Ещё мне не давала покоя мысль о самоубийстве Семёна Кузьмича в 1982-м. Было ли это добровольным уходом из жизни на фоне якобы неизлечимой болезни или ему «помогли» с подачи теперь уже покойного Андропова, потому что он слишком много знал, – тут я мог только строить догадки. Если второй вариант – то здесь Семён Кузьмич уже сам хозяин главного кабинета на Лубянке, и кто тогда рискнёт покуситься на фигуру такого масштаба? Ежели его прихватит онкология, то насчёт этого как раз и не мешало бы предупредить. Только как это помягче сделать? Не скажешь же ему: «Семён Кузьмич, вы уж поглядывайте за своим здоровьем, а то в 82-м от рака загнётесь». Ладно, ещё пять лет почти, время есть, нужно будет по-любому предупреждать хотя бы за год, когда болезнь может находиться на начальной, а значит, излечимой стадии.
– Ты тут спишь, что ли, прямо за столом? – Голос Валентины вернул меня к действительности.
А время-то уже семь почти, вот это я засиделся…
– Завтракать будешь?
– Да я вон кофе обпился, ничего не хочу. А давай я тебе яичницу пожарю?
– А что, и пожарь, сделай жене приятное.
– Тебе глазунью?
– Нет, болтунью лучше, два с лишним года вместе живём, а все запомнить не можешь, – шутливо пихнула она меня в бок. – Даньку заберёшь сегодня из яслей? А то я в парикмахерскую краситься записалась, там было свободно только на вечер. И в яслях ещё справку просили из поликлиники, о прививках, зайди пожалуйста, возьми у старшей медсестры. Даньку будешь забирать, отдашь её воспитательнице.
– Как ты, кстати, в рыбном, не скучаешь? – спросил я, взбалтывая яйца в чашке.
– Заскучаешь там, ага… Ассортимент вроде небольшой, а очередь как с утра встаёт – и до самого вечера. И преимущественно пенсионеры. Вот же людям делать нечего на пенсии, и ходят за минтаем для себя и килькой для кошечек. Серёж, мы что, такие же будем через двадцать лет?
– Ещё дожить надо до пенсии… А коллектив как, не обижают девчонки?
– Да коллектив вроде неплохой, с девочками сразу сдружились, там почти все, кстати, приезжие, из провинции.

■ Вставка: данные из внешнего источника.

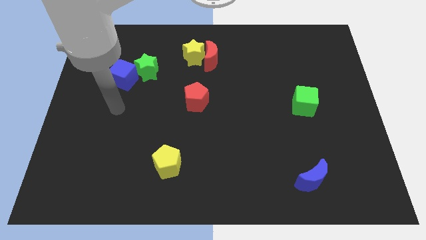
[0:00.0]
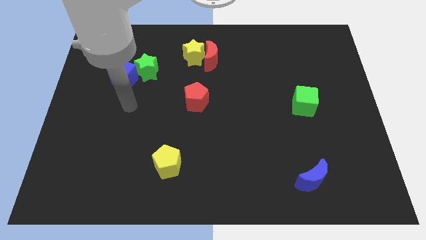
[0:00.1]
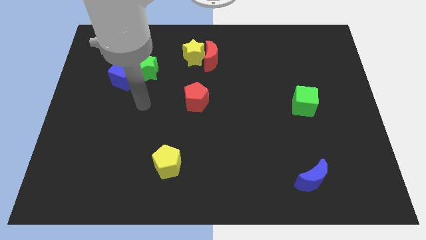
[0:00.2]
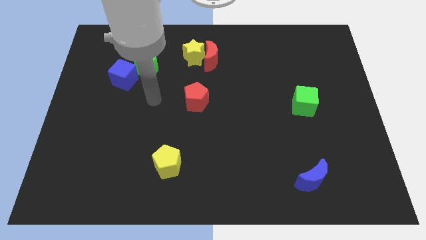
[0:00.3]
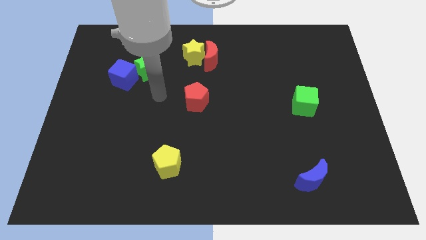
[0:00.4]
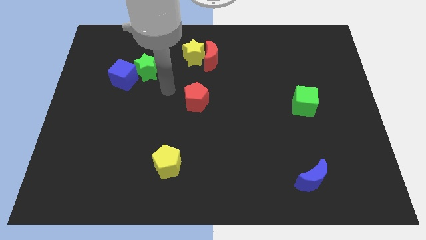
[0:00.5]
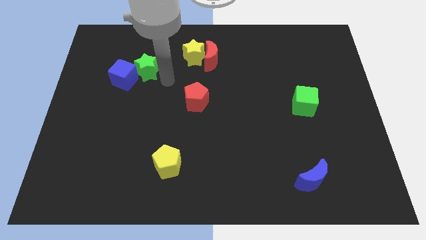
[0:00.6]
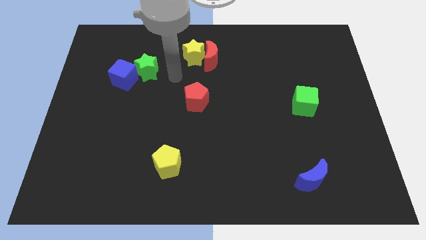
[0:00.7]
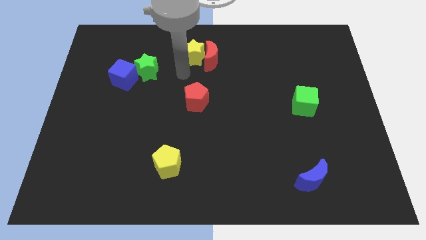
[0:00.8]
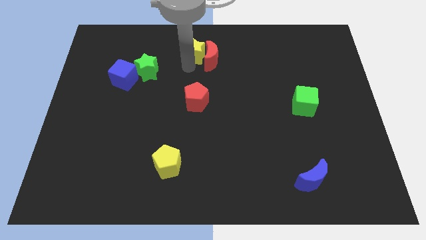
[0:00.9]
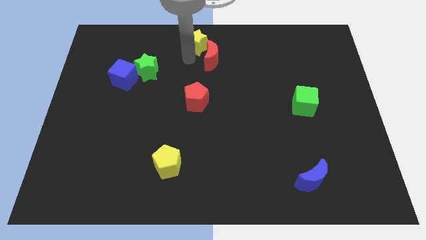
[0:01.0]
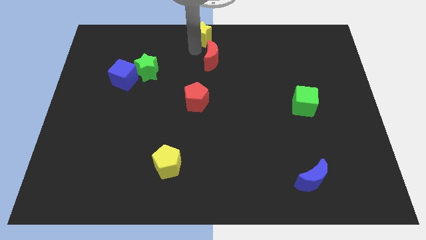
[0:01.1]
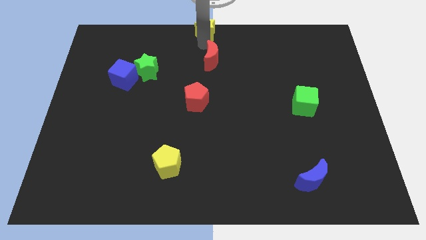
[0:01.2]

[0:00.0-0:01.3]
pull the red moon apart from the yellow star

А парторг сразу заявил, что если дров не наломаю, покажу себя хорошо, то через месяц можно будет и заявление в партию написать.
– Может, всё же поискать тебе более престижное местечко? А то жаловалась, что рыбный дух ничем уже из тебя не выветривается…
– Бог с ним, с рыбным духом, я уже к нему привыкла. Да и тот же парторг намекал, что, как единственный член партии в гастрономе, я смогу получить должность заведующей, потому как наш заведующий Семён Палыч планирует после ухода на пенсию уехать к детям в Одессу. А ему до пенсии остался месяц. В общем, не забудь заехать в поликлинику и забрать вечером Данилу, – напомнила Валя, выгребая со дна сковородки корочкой хлеба остатки яичницы.
– А ты давай учи «Моральный кодекс строителя коммунизма», – подколол я жену.
– Чего его учить, там всего двенадцать пунктов. Сам, кстати, не хочешь в партию?
– Свят-свят! Чур меня!
– Ну как хочешь, а я буду с гордостью носить в кармане партбилет… Так, надо Даньку будить. Эх, и крика сейчас будет…
Спровадив жену с сыном, я прошёл в кабинет и сел за пишущую машинку. Вчера я начал очередную повесть о приключениях Эраста Фандорина. Читатели слали в издательство мешки писем, требуя продолжения цикла о похождениях сыщика, и под давлением главного редактора издательства мне пришлось вернуться к машинке. Проблема заключалась в том, что всё, что у меня было в «ридере» акунинского, я уже перепечатал, сюжеты других книг я помнил не столь хорошо, и теперь предстояло придумывать произведение почти с нуля.
В итоге, с неделю побившись головой о стену, решил устроить Фандорину командировку в Пензу конца XIX века. Раз уж я досконально знаю историю родного города, то пусть в нём появится вымышленный мной аналог профессора Мориарти. Вот пускай Эраст Петрович с этим злодеем и разбирается. Заход у меня уже был готов, теперь предстояло сделать над собой усилие и посвятить несколько часов писательскому труду.